II. Un hombre sin nombre

—Once años después de la muerte de mi madre —continuó Fabián—, era yo en Madrid lo que se suele llamar un hombre de moda. Había estado cuatro años en un colegio, donde aprendí idiomas, música, algunas matemáticas, historia y literatura profanas, equitación, dibujo, esgrima, gimnasia y otras cosas por el estilo; en cambio de las cuales olvidé casi por completo el latín y la filosofía escolástica, de que era deudor al viejo sacerdote. Había hecho un viaje de tres años por Francia, Inglaterra, Alemania e Italia, deteniéndome sobre todo en esta última nación a estudiar el arte de la escultura, que siempre ha sido mi distracción predilecta y en el que dicen alcancé algunos triunfos. Había, en fin, regresado a España y dádome a conocer en esta villa y corte como hombre bien vestido, como temible duelista, como jinete consumado, como jugador sereno, como decidor agudo y cruel (cuyos sarcasmos contra las flaquezas del prójimo corrían de boca en boca), y como uno de los galanes más afortunados de que hacía mención la crónica de los salones… Perdone usted mis feroces palabras… Le estoy hablando a usted el lenguaje del mundo, no el de mi conciencia de hoy…
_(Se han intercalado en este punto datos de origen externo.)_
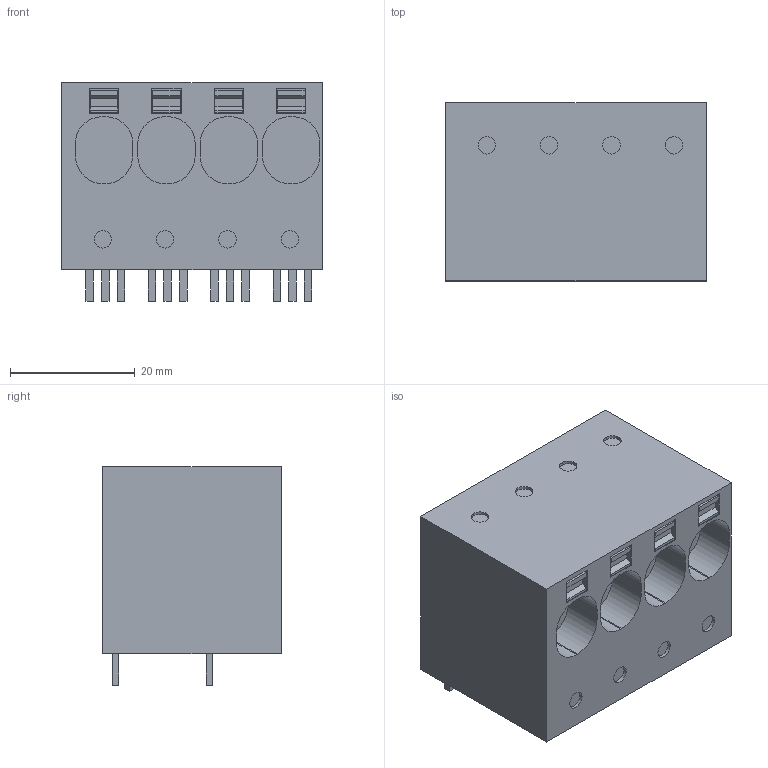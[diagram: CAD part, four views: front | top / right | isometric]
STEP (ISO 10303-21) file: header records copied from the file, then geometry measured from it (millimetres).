
FILE_DESCRIPTION(('CATIA V5 STEP Exchange','CAx-IF Rec.Pracs.--- Model Styling and Organization---1.2---2011-12-15'),'2;1');
FILE_NAME ('D1462936_0_2500470000_2500470000.stp','2018-03-29T09:44:47+00:00',('none'),('Weidmueller'),'CATIA Version 5-6 Release 2014','CATIA V5 STEP AP214','none');
FILE_SCHEMA(('AUTOMOTIVE_DESIGN { 1 0 10303 214 1 1 1 1 }'));
Length unit declared in the file: millimetre
Products named in the file (1): 2500470000
Bounding box: 41.8 x 28.55 x 35 mm (x, y, z)
Volume: 32192 mm3; surface area: 8967.1 mm2
Topology: 9 solids, 9 shells, 230 faces, 576 edges, 384 vertices
Faces by surface type: plane 182, cylinder 48
Entity records: 6784 total; most frequent: CARTESIAN_POINT 1219, ORIENTED_EDGE 1152, DIRECTION 953, EDGE_CURVE 576, VECTOR 480, LINE 480, VERTEX_POINT 384, AXIS2_PLACEMENT_3D 283

Tenía yo a la sazón veinticinco años, y había ya gastado la mitad de mi hacienda, además de sus pingües réditos. De vez en cuando preguntábanse las gentes quién era yo… La calumnia, la fantasía o la parcialidad, es decir, mis muchos enemigos, émulos y rivales, la pequeña corte de aduladores de mis vicios, o las mujeres que se ufanaban de mis preferencias, inventaban entonces tal o cual historia gratuita, negra o brillante, horrible o gloriosa, que al poco tiempo era desmentida, y yo continuaba siendo recibido en todas partes, gracias a la excesiva facilidad que halla en Madrid cualquier hombre bien portado para penetrar hasta las regiones más encumbradas. Recuerdo que fui sucesivamente hermano bastardo de un reyezuelo alemán; hijo sacrílego de un cardenal romano; jefe de una sociedad europea de estafadores; agente secreto del emperador de Francia; un segundo Monte-Cristo, poseedor de minas de brillantes, etc.; y, como resumen de todo, seguían llamándome Fabián Conde, que era lo que mis tarjetas decían.